Objectives: Orally disintegrating tablet (ODT) forms of medications are sometimes used as alternatives to standard oral tablets for patients who have difficulty swallowing, those who need to have ingestion verified, and those who may resist other drug product forms (e.g. injection). ODTs are a tablet or wafer form of medication that disintegrates in the mouth, aided only by saliva. ODTs can disperse in as little as 1 to 2 seconds or as long as 2 to 3 minutes, depending on the different fast dissolve/disintegration technologies used to manufacture the tablets. Orally disintegrating olanzapine (ODO) is manufactured by several different companies, using different formulations and processes. The objective of this study is to investigate differences in disintegration time of these tablets, which may potentially impact clinical parameters such as patient acceptance and adherence to treatment.

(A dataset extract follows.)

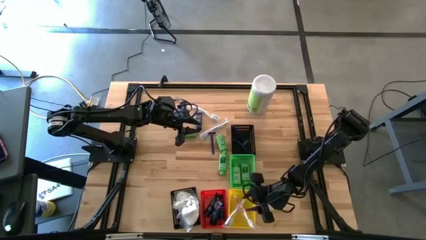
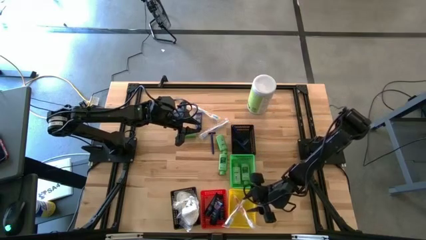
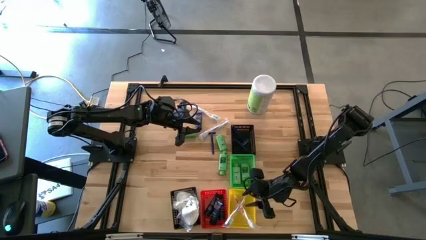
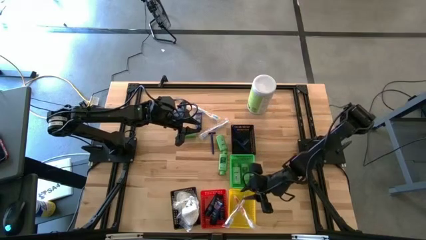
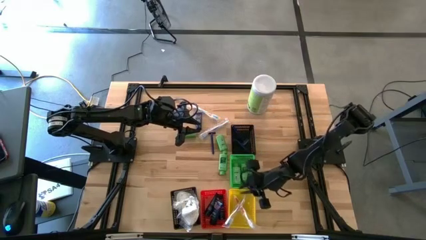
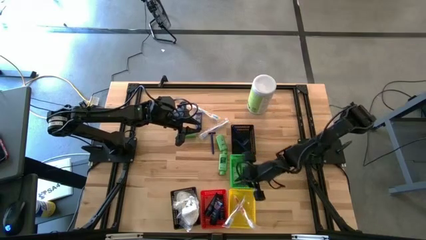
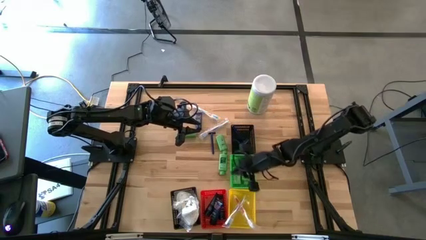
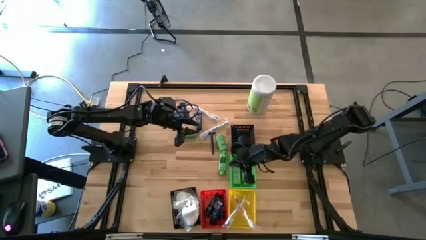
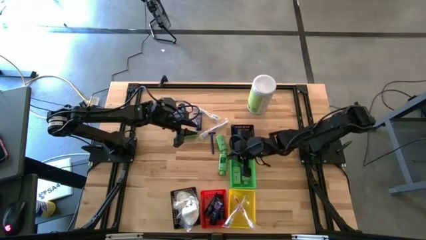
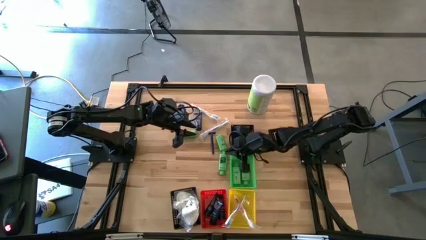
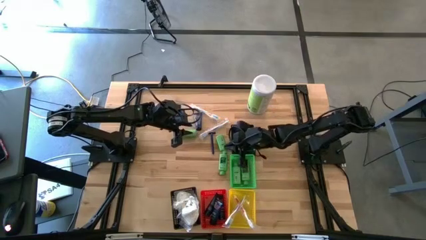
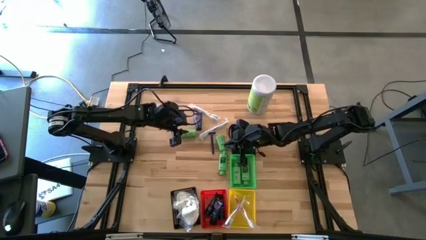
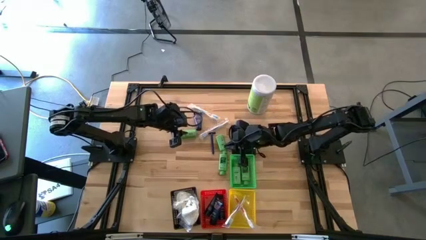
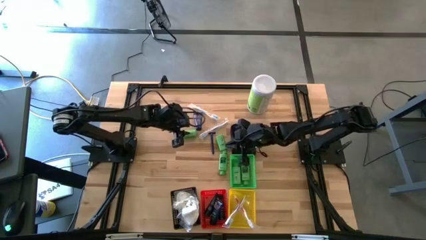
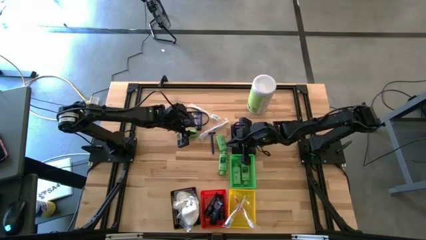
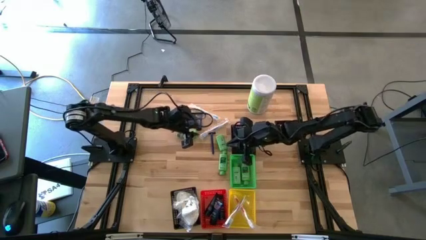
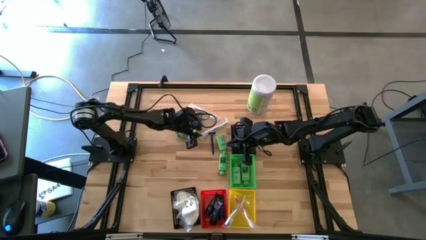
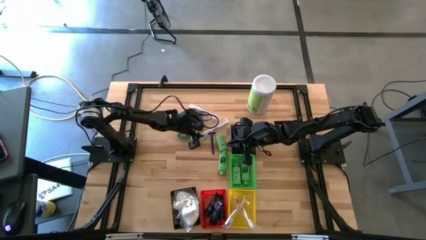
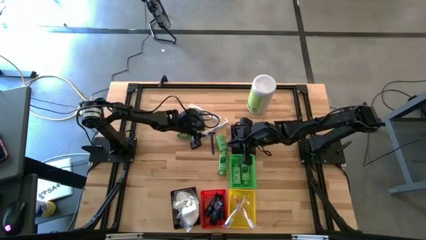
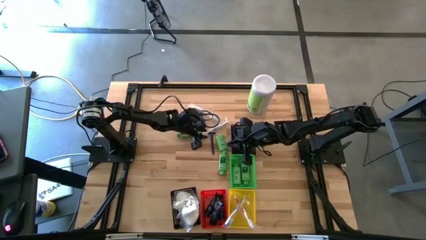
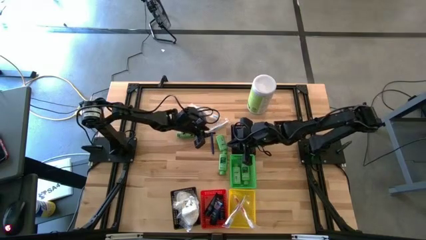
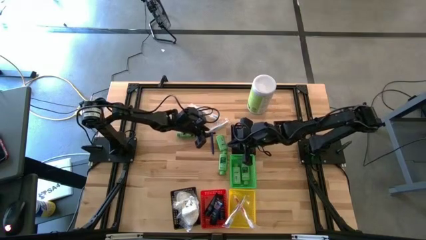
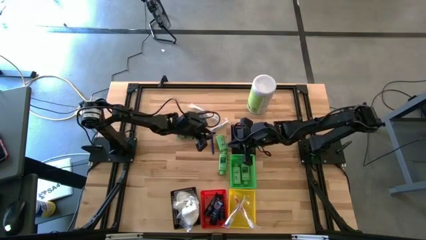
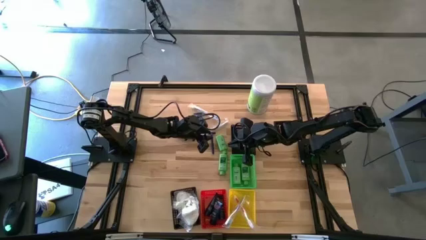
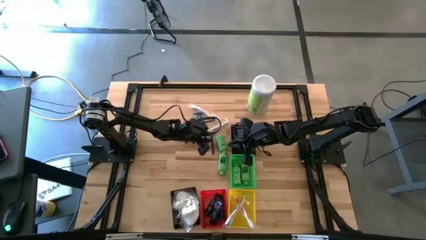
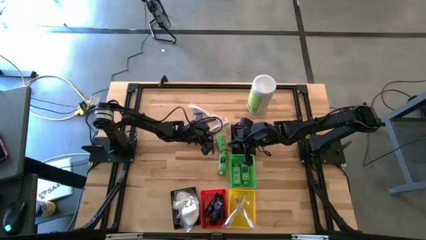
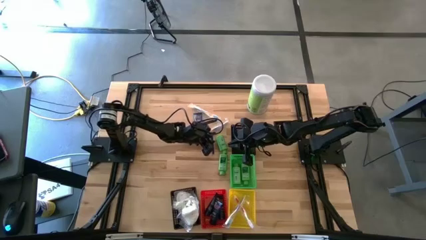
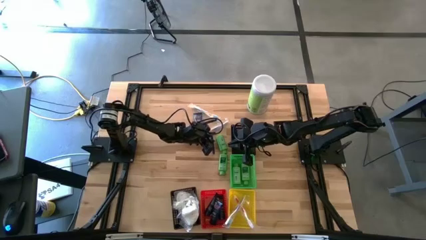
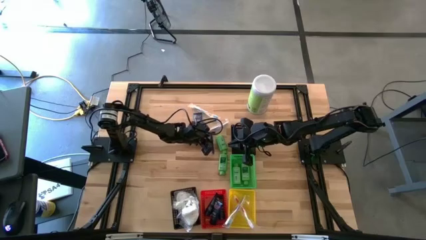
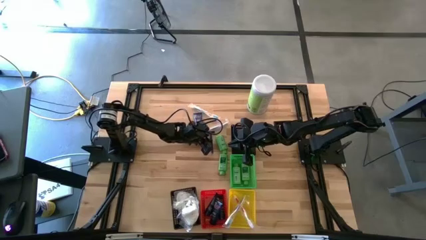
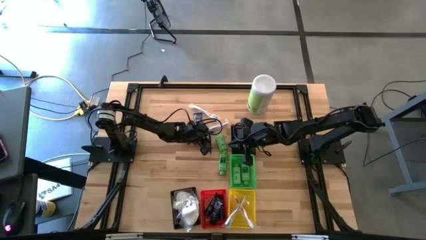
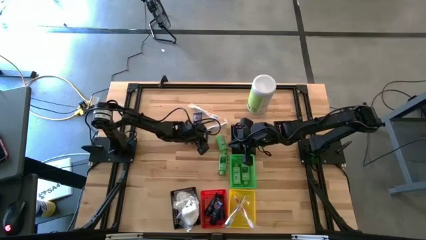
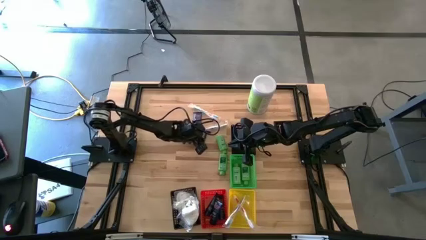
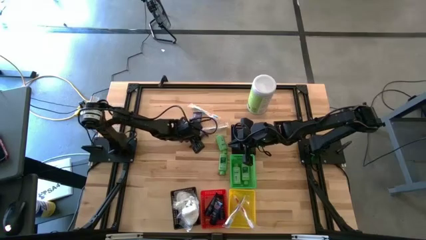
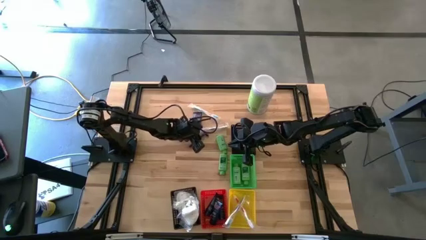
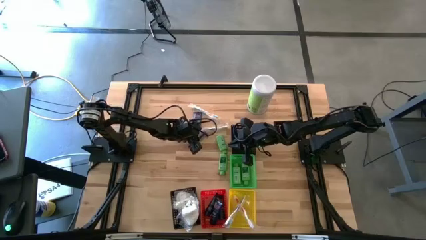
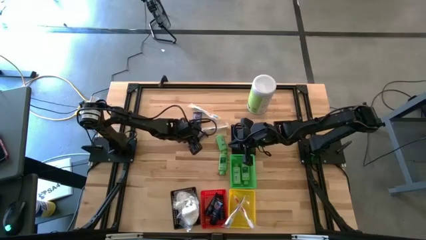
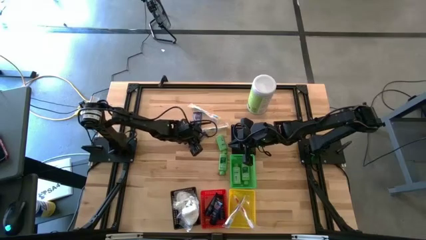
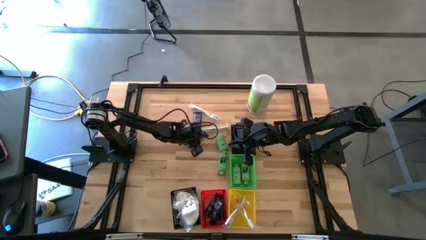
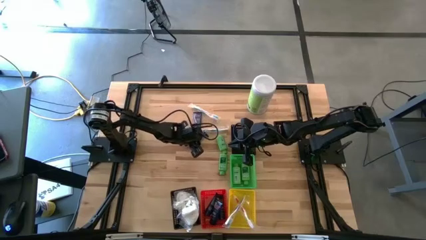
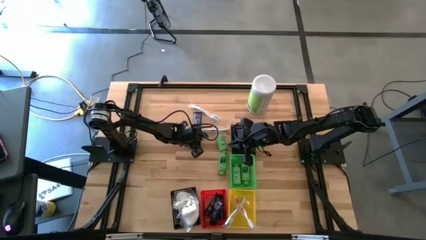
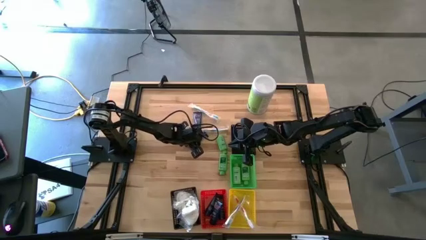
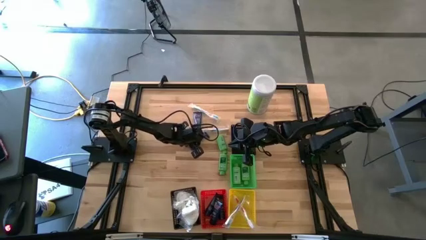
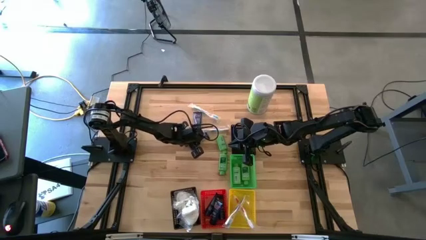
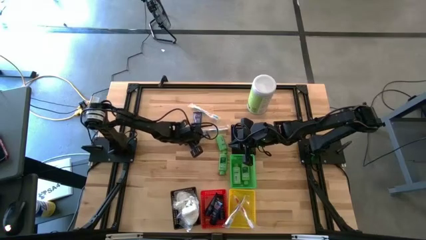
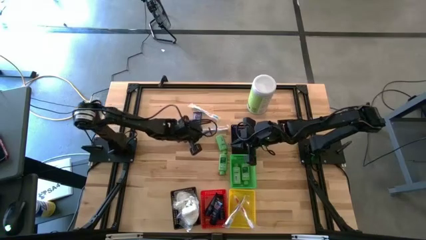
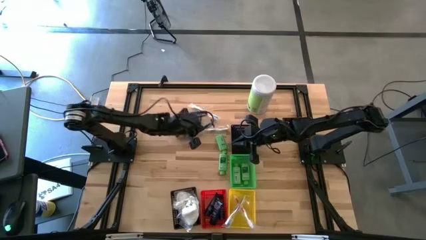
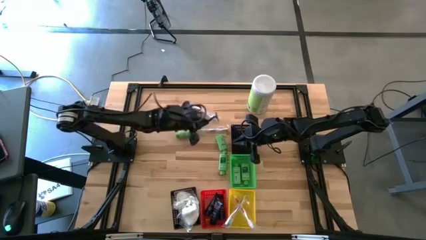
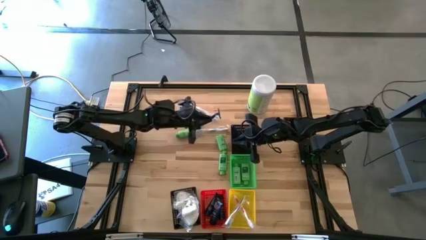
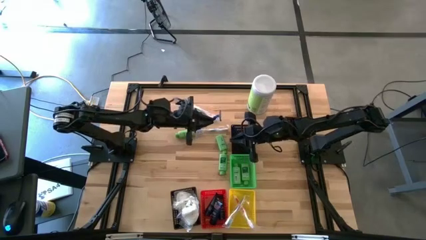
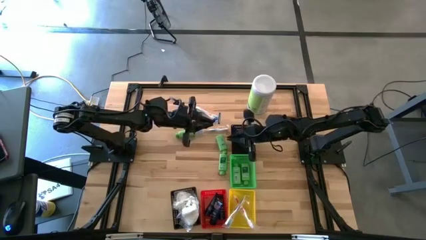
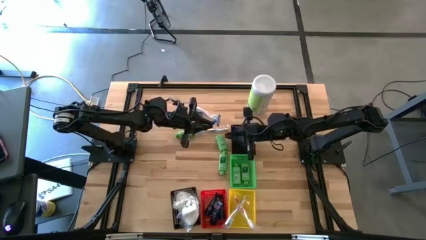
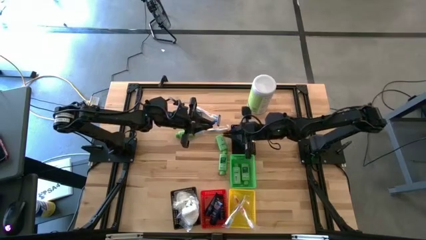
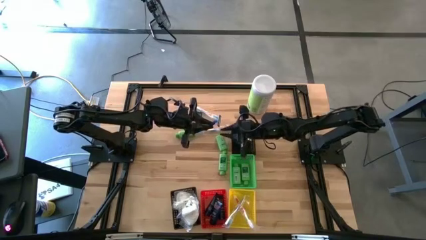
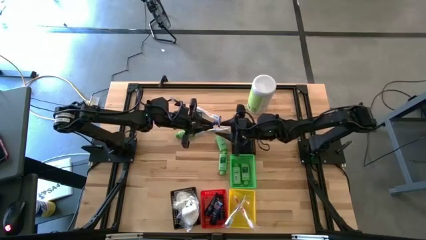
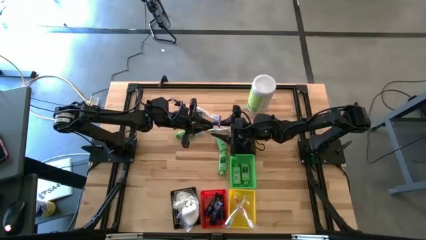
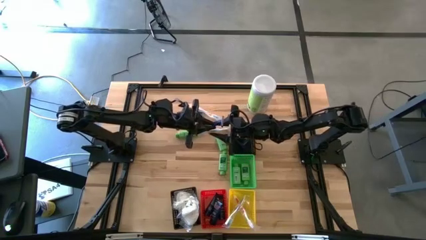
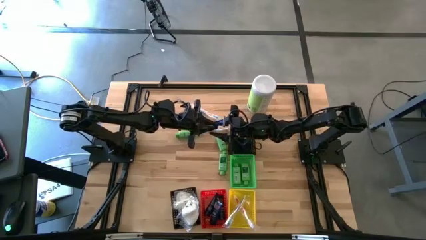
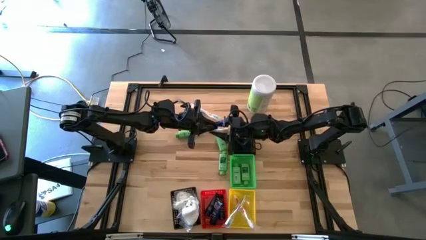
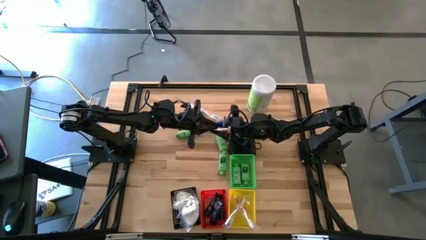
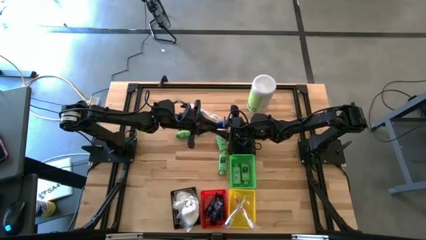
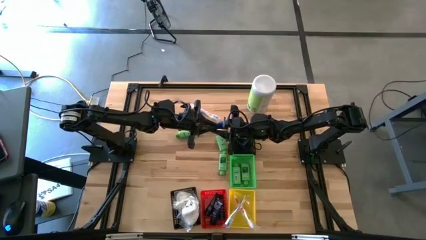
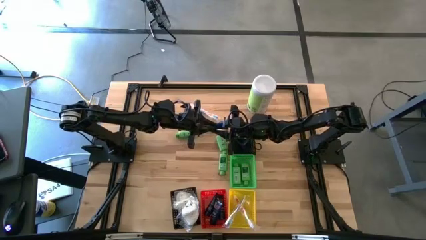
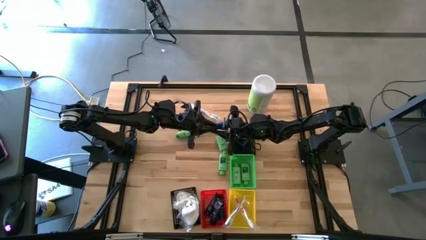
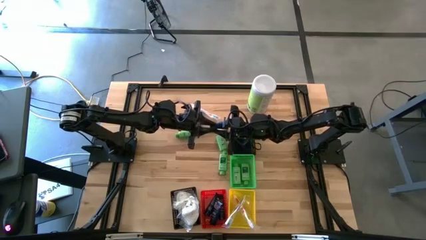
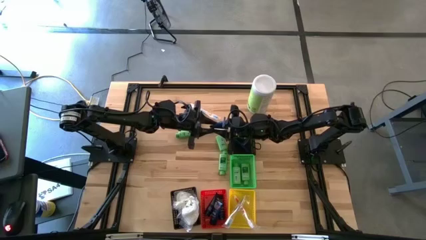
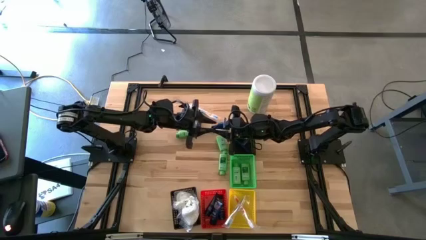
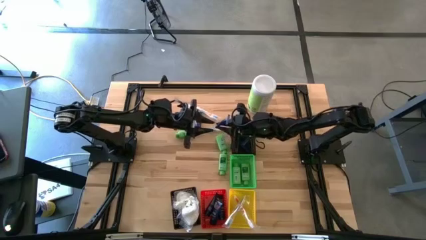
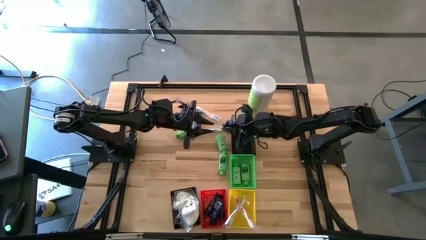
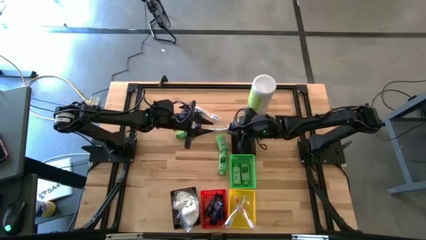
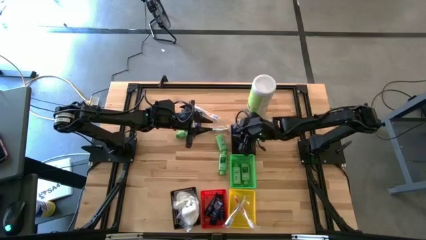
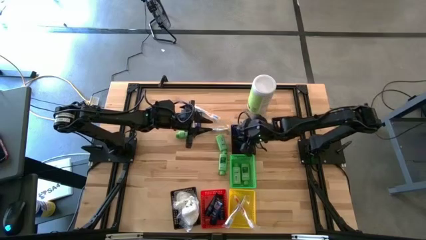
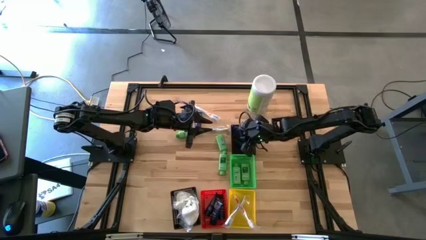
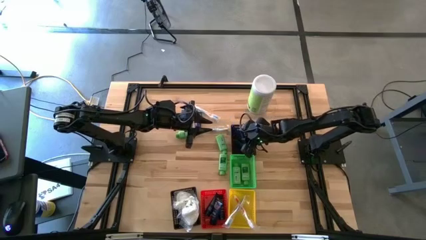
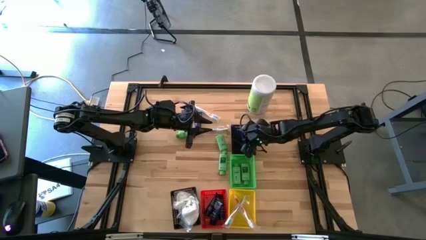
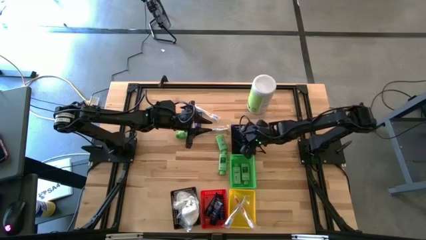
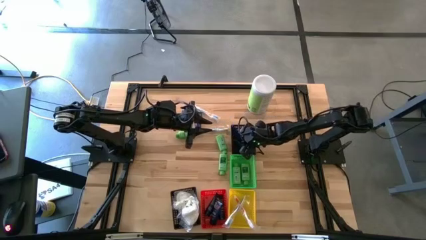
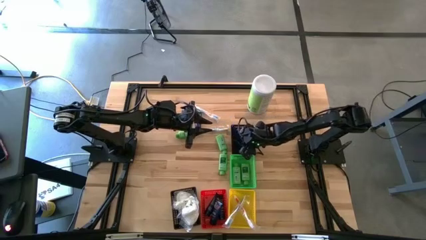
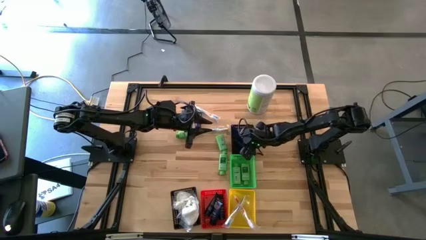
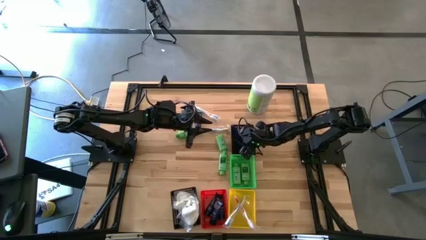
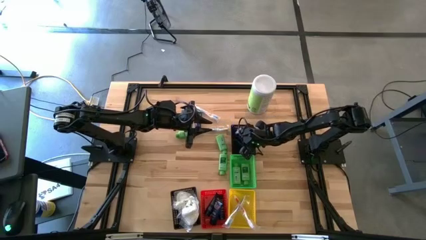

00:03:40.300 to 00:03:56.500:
Task: Pick & Place Travel size toiletries
Put the blue razor into the top black bin

Methods: Six types of ODO, along with Risperdal M-Tab as an external comparator, were evaluated for formulation composition, manufacturing method, disintegration and dissolution characteristics, expiration dates, and packaging and formulation differences in comparison with the freeze-dried Zydis/Velotab formulation of ODO. Automated dissolution test equipment, DISTEK DISBA0045 and DISBA0046 with an Opt-Diss UV fiber optic SPEC0088 attachment, was used to capture the various ODT dissolution rates by measuring real time release of the active ingredient. Additionally, a high speed video camera was used to capture disintegration times of ODO products in simulated saliva held at 370C.

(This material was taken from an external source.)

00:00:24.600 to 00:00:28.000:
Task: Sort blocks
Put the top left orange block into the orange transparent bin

Results: 5-mg Tablets: Release for all tablets except Zoltrix was around 90% or above with 150 rpm for ten minutes at the end of the analysis. In the first three minutes, Lilly's Zydis formulation was the first to release with dissolution over 30% in less than 60 seconds. At 20 rpm only Zyprexa Zydis had instant disintegration. Other products required more than 30 seconds to dissolve even 10% of the active ingredient. This is likely a function of formulation and compression vs. a freeze drying processing.
10-mg Tablets: Zydis (Velotab) was the first to show dissolution and showed a steady rate of dissolution. Procaps' Prolanz FAST formulation also had quick dissolution, but showed a longer delay to catch up to the Zydis formulation, taking 2 minutes before they were equivalent. At a lower agitation rate of 20 rpm, Zydis 10 mg still had the fastest dissolution rate in the first 3 minutes. Zydis dissolution was not significantly affected by dosage strengths (5, 10 mg). 15-mg Tablets and 20-mg Tablets: Lilly's Zydis (Velotab) again provided the fastest disintegration and dissolution. Tablet mass and formulation might slow the release of active ingredient from generic direct compressed tablets.
Conclusions: The in vitro disintegration test is a proxy for the disintegration process in a patient's mouth. Differences found in the formulation and manufacturing processes of ODO products may be associated with different disintegration times, which may potentially impact their use in clinical practice.